Here's how the web works in a nutshell: your browser makes a request and a web server figures out what to do with it and eventually sends information back to the browser. Sometimes, it passes to a CGI script the information which your browser sends, that script creates a response, and the web server returns the response to you. Pretty simple, huh? For our purposes, we'll only need to worry about two types of requests: GET and POST. There are a variety of other request methods, such as HEAD, PUT, TRACE, etc, but we're pretty much going to stick to the basics. How the CGI script responds to a browser request depends in part upon the request method.
Most of the time, when your browser requests a web page, it's issuing a GET request. What it's doing behind the scenes is sending out something like the following:
GET /~ovid/index.html HTTP/1.1 Host: perlmonk.org more stuff...
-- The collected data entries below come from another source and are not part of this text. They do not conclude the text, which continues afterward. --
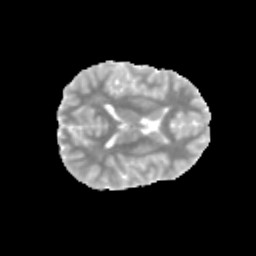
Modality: MD
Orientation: axial
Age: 12
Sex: male
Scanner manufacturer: siemens
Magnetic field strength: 3 T
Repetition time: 3.8 s
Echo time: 0.07 s

For this example, the browser is requesting Ovid's home page on perlmonk.org. The web server receives the GET request and sends back the appropriate document, if found. If the document is not found, you will probably receive the ever-popular "404 Not Found" error.
Every once in a while, you'll see a URL like the following:
http://www.somedomain.com/cgi-bin/somescript.cgi?name=BillGates&position=monopolist
Breaking this down, we have the host: www.somedomain.com, the path: /cgi-bin/, and the name of a cgi script, in this case, somescript.cgi. But what's that stuff afterwards? The question mark signifies the beginning of what's called a query string (in your Perl program, you could access this through $ENV{'QUERY_STRING'}). This string, in the case of a GET request, is embedded in the URL. This makes it easy to modify and/or bookmark. The "name=BillGates" and "position=monopolist" are referred to as name/value pairs and they are separated by ampersands (&). These name/value pairs are typically used by CGI scripts to determine how the script should respond to the browser request.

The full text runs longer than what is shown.